──────── Given data ────────

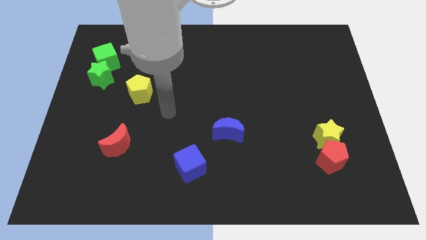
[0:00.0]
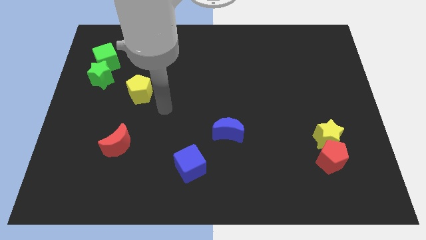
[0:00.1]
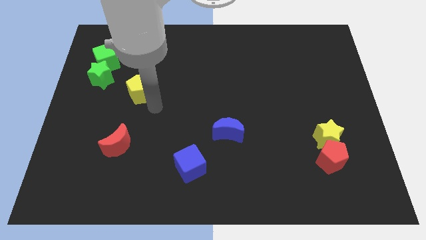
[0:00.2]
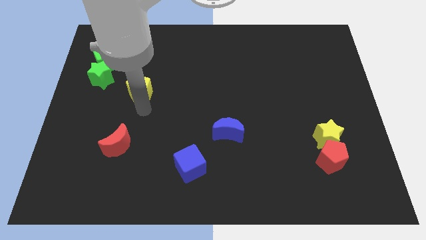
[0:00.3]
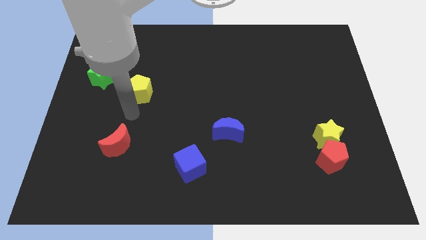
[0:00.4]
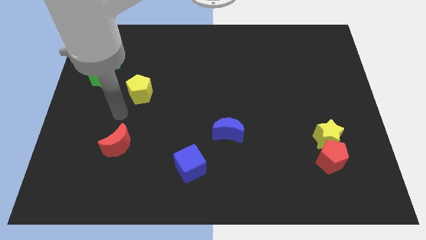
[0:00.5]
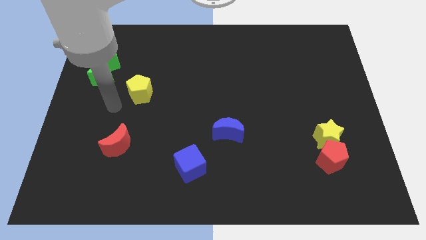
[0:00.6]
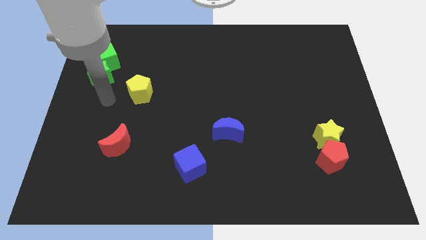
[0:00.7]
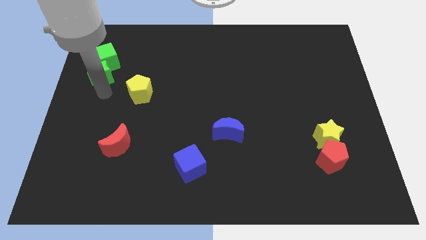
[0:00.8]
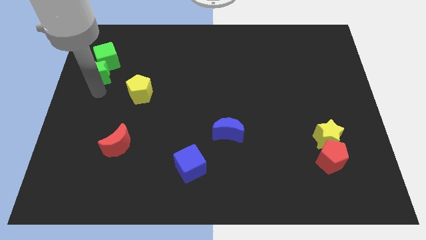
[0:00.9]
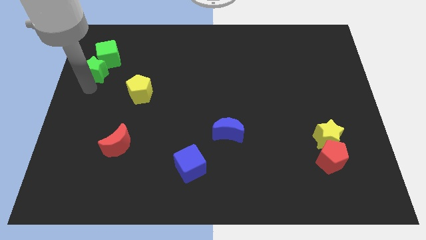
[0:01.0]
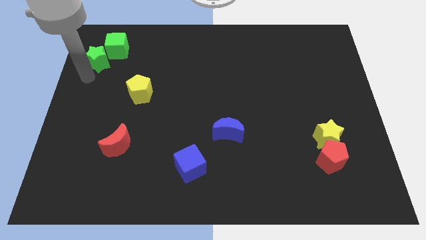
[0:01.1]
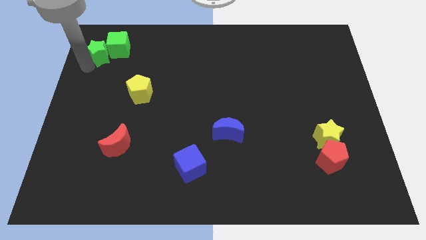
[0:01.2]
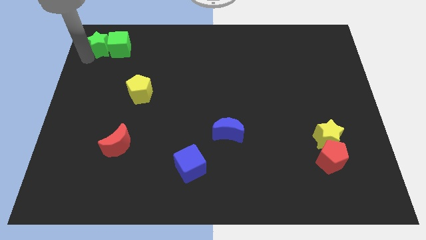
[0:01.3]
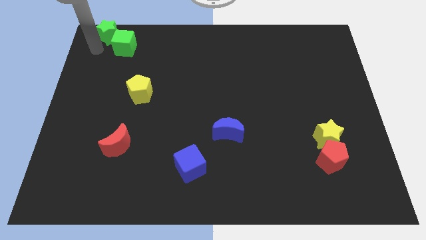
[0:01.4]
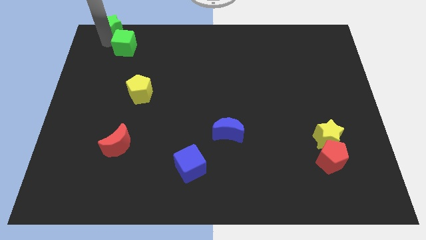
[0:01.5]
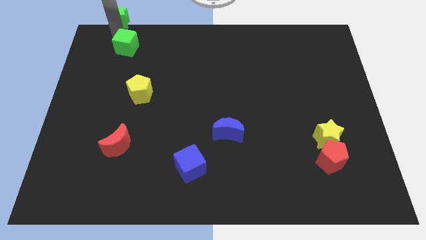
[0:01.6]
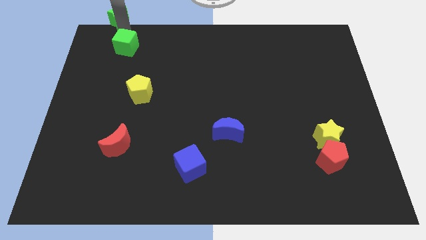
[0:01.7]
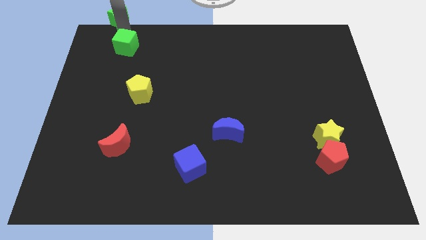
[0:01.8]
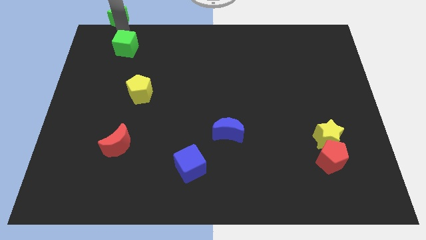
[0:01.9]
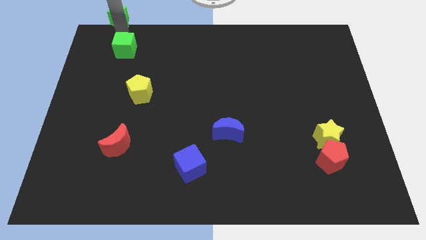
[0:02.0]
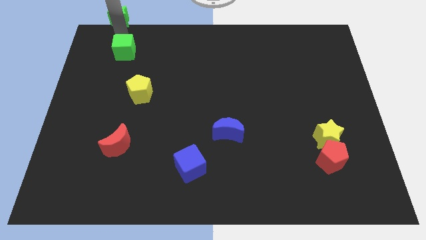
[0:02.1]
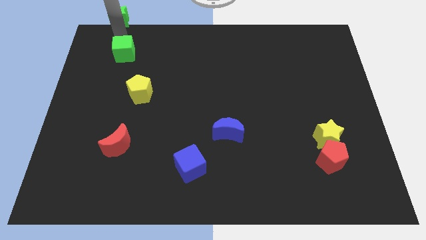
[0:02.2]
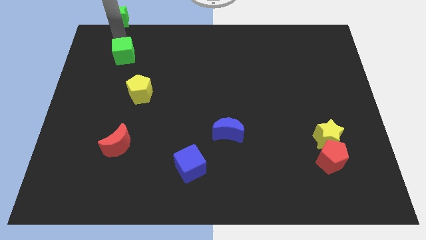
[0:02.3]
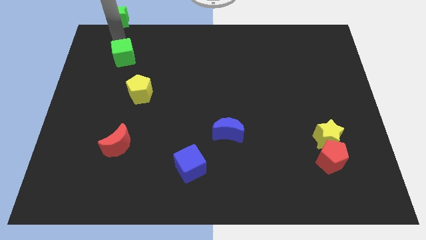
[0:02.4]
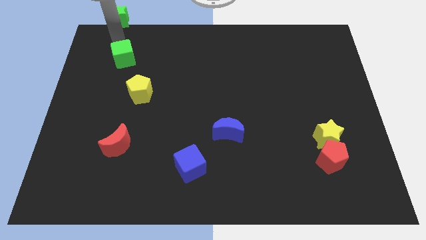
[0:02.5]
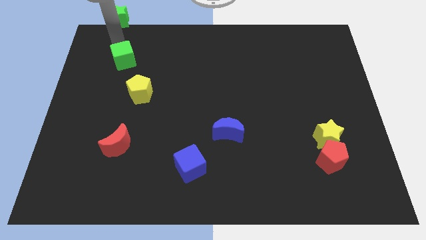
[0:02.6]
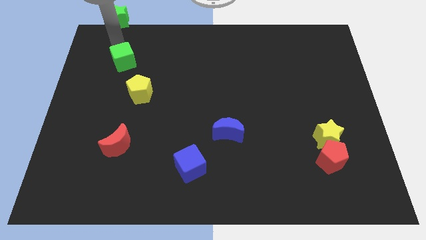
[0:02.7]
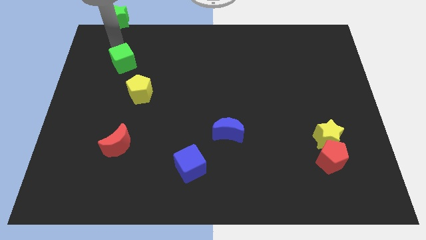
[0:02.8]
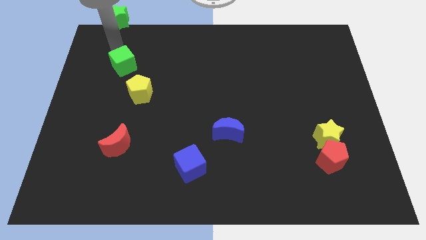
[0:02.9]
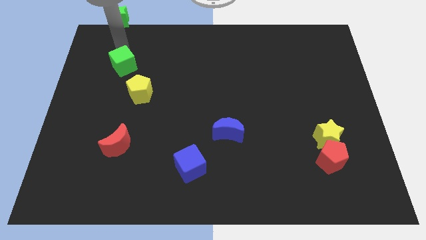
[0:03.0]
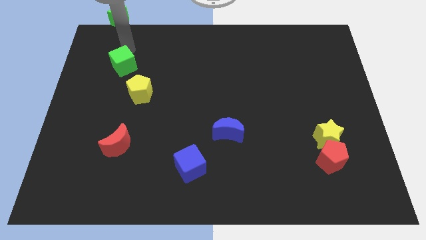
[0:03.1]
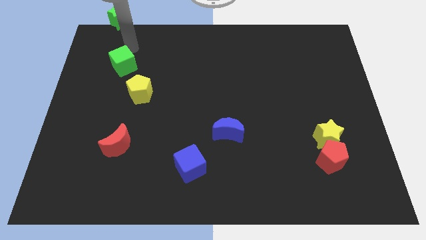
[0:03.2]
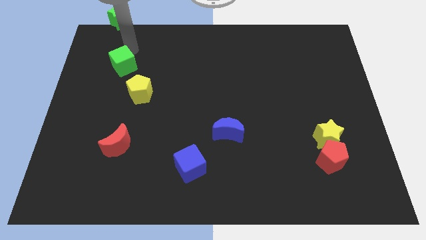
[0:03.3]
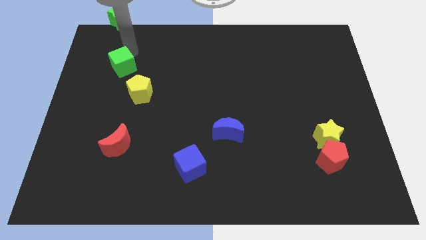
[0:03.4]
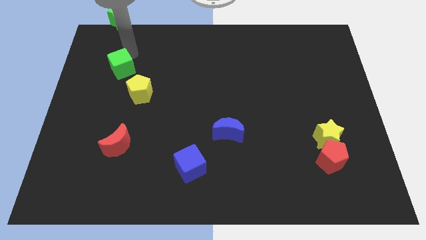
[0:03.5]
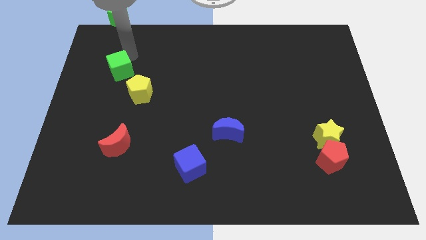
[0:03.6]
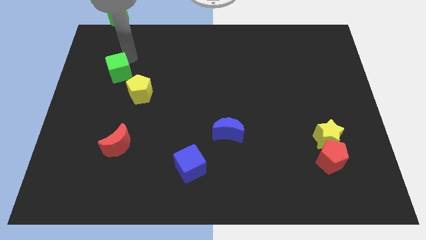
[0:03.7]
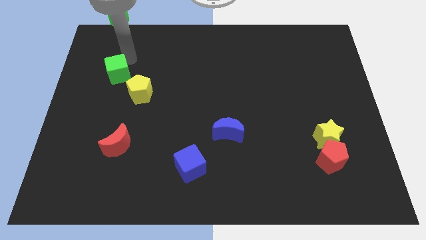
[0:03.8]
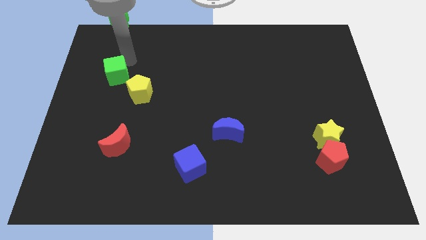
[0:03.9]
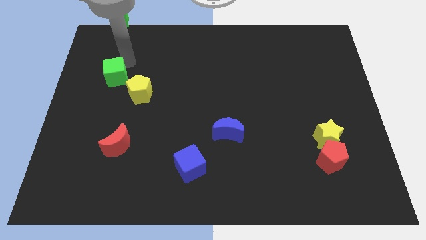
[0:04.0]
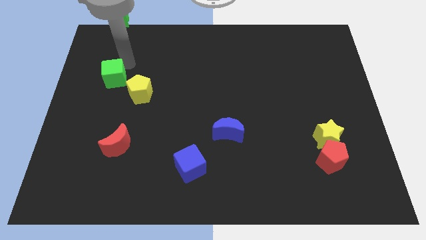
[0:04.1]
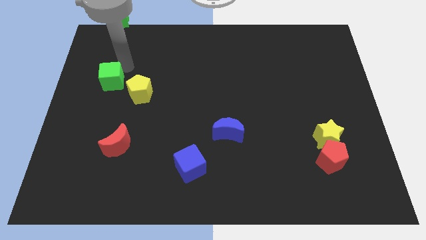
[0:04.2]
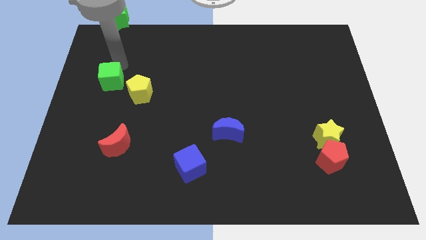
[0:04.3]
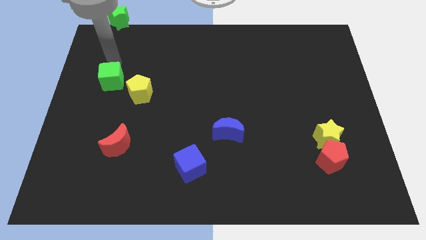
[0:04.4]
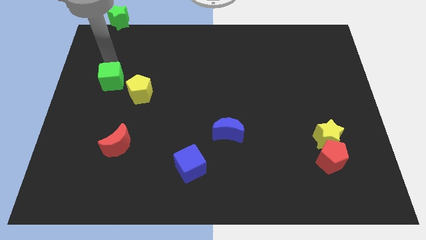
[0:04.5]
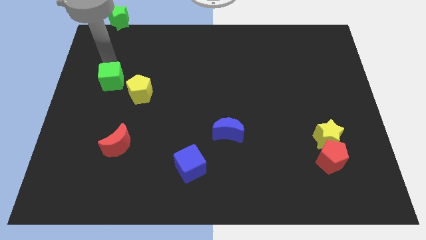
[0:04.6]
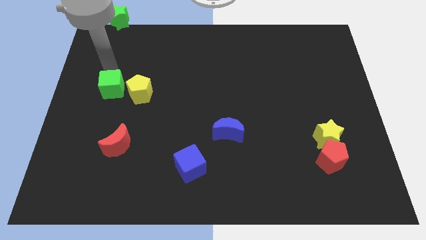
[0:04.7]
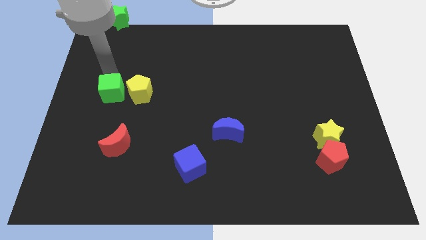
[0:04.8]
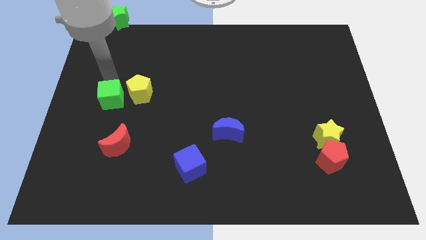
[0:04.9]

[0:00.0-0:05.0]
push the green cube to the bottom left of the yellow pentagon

────────

### Task to carry out
In full and without any pictures, print the listing above exactly.

### Solution to this task
[0:00.0]
[0:00.1]
[0:00.2]
[0:00.3]
[0:00.4]
[0:00.5]
[0:00.6]
[0:00.7]
[0:00.8]
[0:00.9]
[0:01.0]
[0:01.1]
[0:01.2]
[0:01.3]
[0:01.4]
[0:01.5]
[0:01.6]
[0:01.7]
[0:01.8]
[0:01.9]
[0:02.0]
[0:02.1]
[0:02.2]
[0:02.3]
[0:02.4]
[0:02.5]
[0:02.6]
[0:02.7]
[0:02.8]
[0:02.9]
[0:03.0]
[0:03.1]
[0:03.2]
[0:03.3]
[0:03.4]
[0:03.5]
[0:03.6]
[0:03.7]
[0:03.8]
[0:03.9]
[0:04.0]
[0:04.1]
[0:04.2]
[0:04.3]
[0:04.4]
[0:04.5]
[0:04.6]
[0:04.7]
[0:04.8]
[0:04.9]

[0:00.0-0:05.0]
push the green cube to the bottom left of the yellow pentagon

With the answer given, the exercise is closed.